1. Technical Field
The present invention relates to a semiconductor device and a method of manufacturing the same.
2. Related Art
Aiming at reducing the ON resistance of trench-gate-type MOSFET structures by narrowing the cell distance, a large-scale shrinkage of the cell may be achieved by filling stripe-patterned gate trenches with an insulating interlayer, after removing by over-etching a part of gate polysilicon layer preliminarily filling up the gate trenches, and by arranging a stack of an N+-source layer and a P+-base layer alternately with the gate trenches.
The U.S. Pat. No. 6,916,712 describes a MOSFET based on a structure having buried insulating interlayers in trenches. A process of manufacturing the conventional MOSFET having the buried insulating interlayers in the trenches will be explained referring to FIGS. 2A to 2C, and FIGS. 3A to 3D.
First, before the trenches are formed, a P-base layer 202 is formed in a substrate by ion implantation 201 effected in the direction of normal line (FIG. 2A). Next, trenches 203 are formed, and a gate oxide film 204 and a polysilicon layer 205 are formed over the trenches 203 (FIGS. 2B, 2C). The entire surface of the polysilicon layer 205 is then etched back, to thereby leave polysilicon layers 205 which serve later as buried gate electrodes in the trenches (FIG. 3A). Buried insulating interlayers 206 are then formed in the trenches 203 (FIG. 3B).
Regions of the P-base layers 202 reserved for later formation of a back gate layer are masked with a photoresist 207, and N+-source layers 209 are formed over the P-base layers 202 by ion implantation 208 (FIG. 3C). P+-back gate layers 210 and a source electrode 211 are then formed (FIG. 3D).
In the above MOSFET having the buried insulating interlayers in the gate trenches, the polysilicon layer 205 is etched back so as to allow filling-up of the trenches 203 with the buried insulating interlayer 206. In this process, it has been necessary to form the N+-source layers 209 deeply enough, so as not to cause offset, which means that the bottom lines of N+-source layers 209 are unsuccessful to reach the level of the upper end of the polysilicon layers 205 which serve as the buried gate electrodes.
The present inventors study an avalanche operation of the above MOSFET showed, to find the following problem. This problem in the avalanche operation will be explained, referring to FIG. 4.

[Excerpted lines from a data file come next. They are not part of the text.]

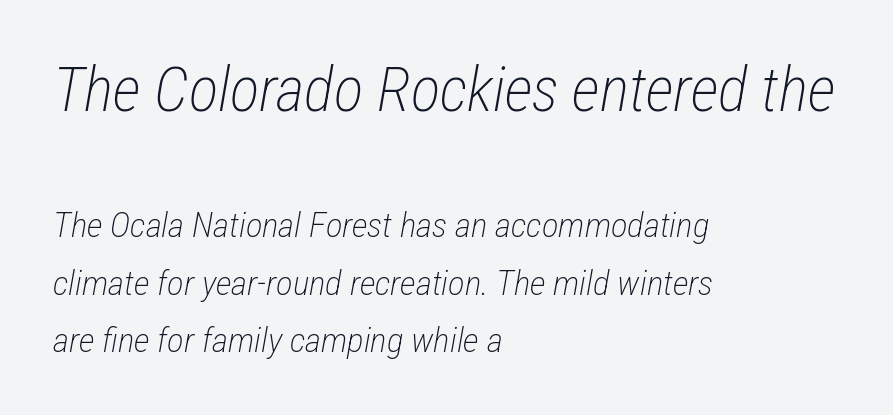
The image shows 62 px light, condensed type, italic (leaning right); set left-aligned, normal line spacing (1.64x), normal letter spacing, not underlined; the first (top) block is 1.77x larger; low stroke contrast and a medium x-height.
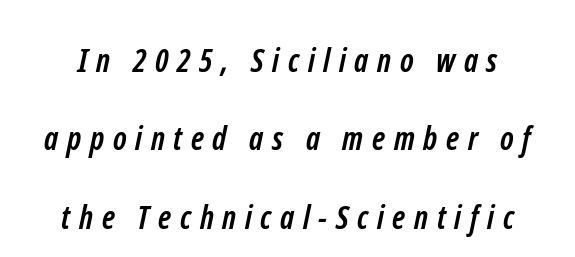
{"serif": "no", "bold": "yes", "weight": "semibold", "width": "condensed", "stroke_contrast": "low", "x_height": "medium", "monospaced": "no", "underline": "no", "line_spacing": "loose", "line_spacing_ratio": 2.45, "letter_spacing": "wide", "letter_spacing_em": 0.27, "glyph_px": 32}
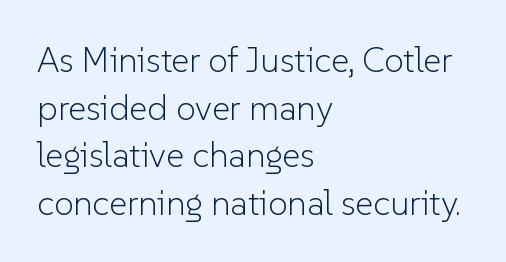
Q: Is the text bold? A: No.
Q: Is the text italic (slanted)? A: No, it is upright.
Q: Is the typeface a serif or a sans-serif typeface? A: Sans-serif.
Q: Is the text underlined? A: No.
Q: How is the paragraph aligned? A: Left-aligned.
Q: Is the spacing between letters normal or unusually wide? A: Normal.
Q: Is the spacing between lines tight, normal or loose? A: Normal.
Q: Width (condensed, normal, or wide)? A: Normal.
Q: Stroke contrast? A: Low.
Q: x-height? A: Medium.
Q: Monospaced? A: No.
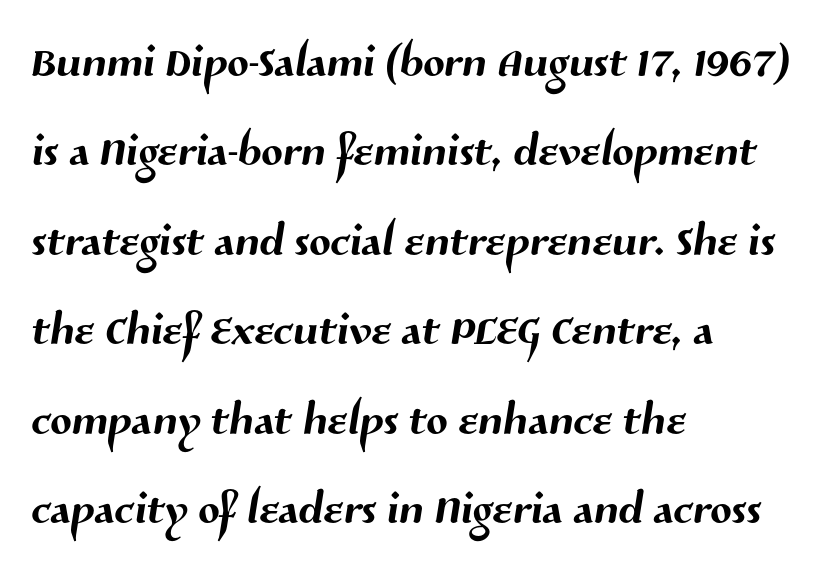
The image shows 63 px sans-serif type; set left-aligned, normal line spacing (1.42x), normal letter spacing, not underlined; medium stroke contrast and a medium x-height.
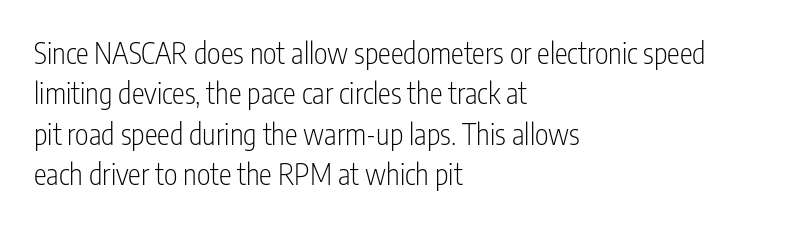
The image shows 29 px light, condensed sans-serif type, upright; set left-aligned, normal line spacing (1.39x), normal letter spacing, not underlined; low stroke contrast and a medium x-height.
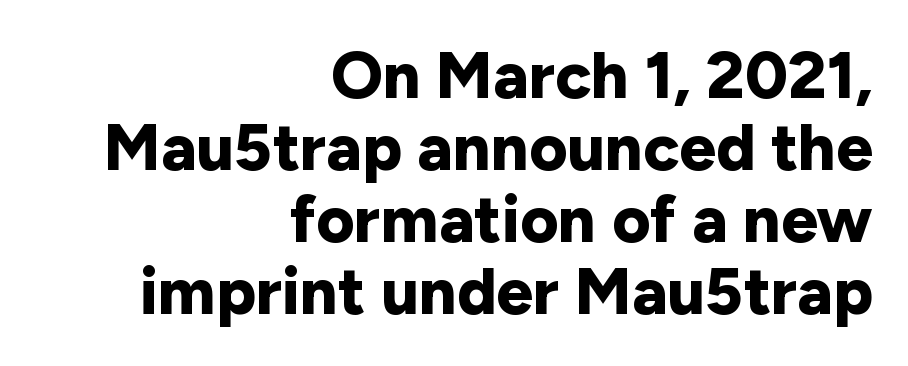
Does the leading feel generous? Not at all — it's pinched. Posture: vertical. A dark, heavy texture on the line: the type is bold. Note: no serifs on the glyphs. The lines in this sample share a right terminus and differ only in where they begin.
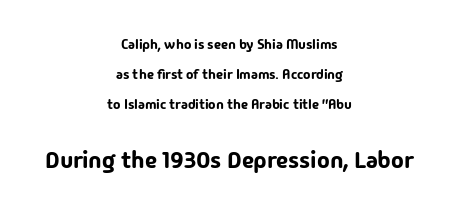
A student would notice the bottom passage is typeset larger than what precedes it. One glance says open: line gaps are wider than usual. Look at the tracking — it's just the regular setting, nothing added. Underline: absent. The rag falls on both sides of this text block equally. The axis of the letterforms is exactly vertical.
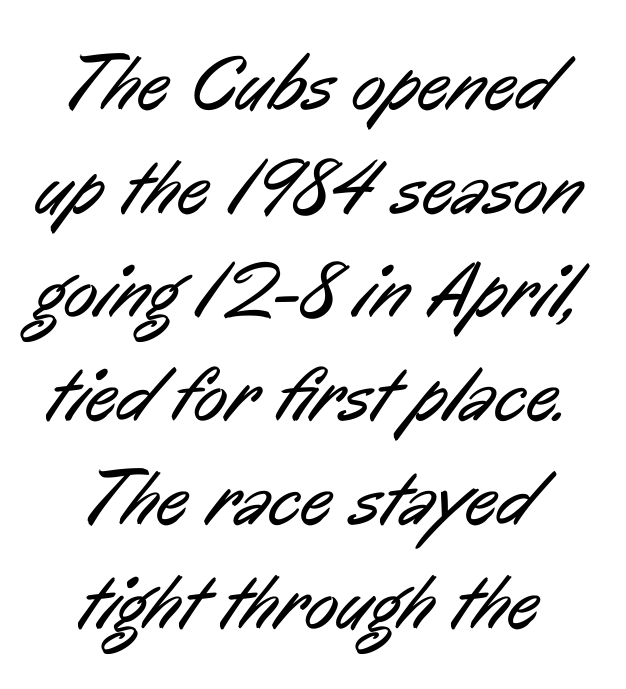
Q: Is the text bold? A: No.
Q: Is the typeface a serif or a sans-serif typeface? A: Sans-serif.
Q: Is the text underlined? A: No.
Q: How is the paragraph aligned? A: Centered.
Q: Is the spacing between letters normal or unusually wide? A: Normal.
Q: Is the spacing between lines tight, normal or loose? A: Normal.
Q: Width (condensed, normal, or wide)? A: Condensed.
Q: Stroke contrast? A: Low.
Q: x-height? A: Medium.
Q: Monospaced? A: No.
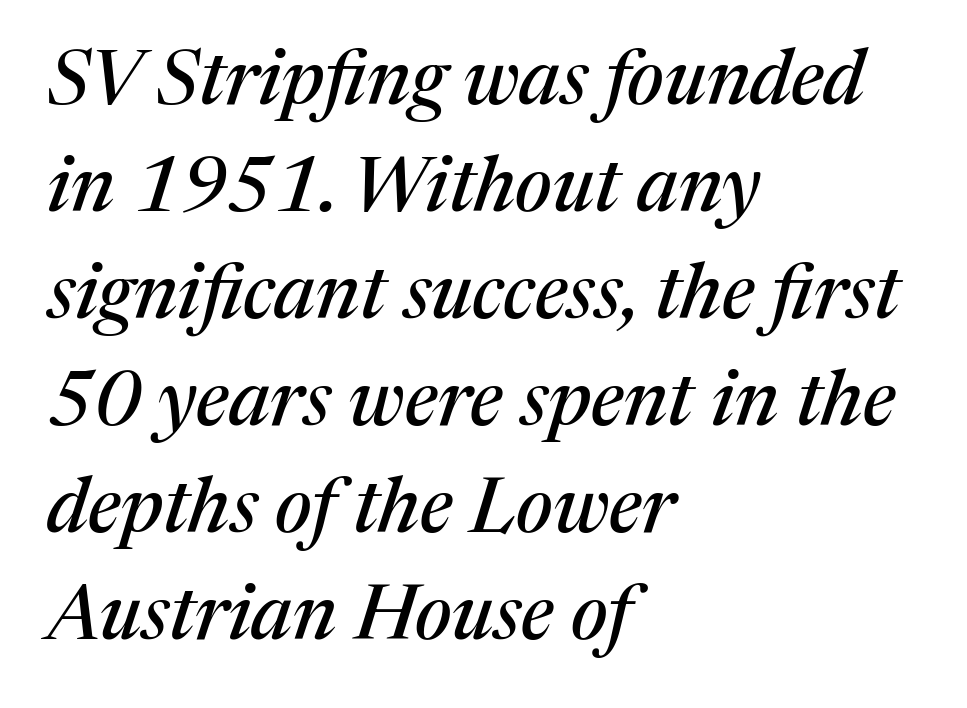
{"serif": "yes", "italic": "yes", "lean": "right", "slant_degrees": 17, "width": "normal", "stroke_contrast": "medium", "x_height": "medium", "monospaced": "no", "underline": "no", "align": "left", "line_spacing": "normal", "line_spacing_ratio": 1.39, "letter_spacing": "normal", "letter_spacing_em": 0.0, "glyph_px": 77}
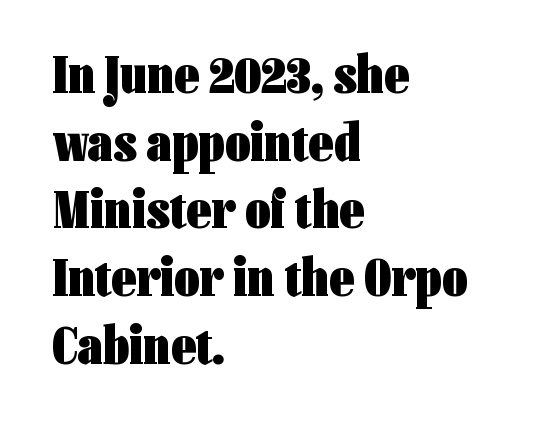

Since the P-base layers 202 and the N+-source layers 209 are formed as described in the above, the thickness of each of these layers is almost constant. Also since the N+-source layers 209 are formed deeply enough, so as not to cause offset with respect to the polysilicon layers 205 remained after the etch-back, so that the P-base layers 202 are formed shallow and flat.
Accordingly, due to a small thickness 302 of the P-base layers, there has been known a problem in that the base resistance along a current path 301 towards the P+-back gate layers 210 increases, and the Avalanche resistance degrades as a consequence.
In the MOSFET under the Avalanche operation, the base resistance along the current path largely affects the breakdown voltage. It is generally considered that shallower N+-source layers and deeper P-base layers may be advantageous to moderate the resistance along the path of Avalanche current, and to improve the Avalanche resistance.
In view of avoiding the above-described offset and of moderating the ON resistance, the N+-source layers are necessarily deepened. This may, however, make the P-base layers relatively shallower, so that the base resistance towards the P+-back gate layer may increase, and thereby the Avalanche resistance may degrade. On the other hand, an attempt of making the N+-source layers shallower, aimed at improving the Avalanche resistance, may not only make the N+-source layer and the gate polysilicon layer more likely to cause the offset therebetween, but also increase the ON resistance.
In short, the conventional structure has been suffering form a trade-off problem between that reduction in the ON resistance and improvement in the Avalanche resistance.
At present, there have been known a variety of proposals on the above-described, stripe-patterned, gate trench MOSFETs (see Japanese Laid-Open Patent Publication No. 2008-112936, for example).
The MOSFET having the buried insulating interlayers in the trenches described in the U.S. Pat. No. 6,916,712 has been suffering from a problem in that the Avalanche resistance degrades if the N+-source layers are made deeper, aiming at reducing the ON resistance. On the other hand, the ON resistance increases if the N+-source layers are made shallower, aiming at improving the Avalanche resistance.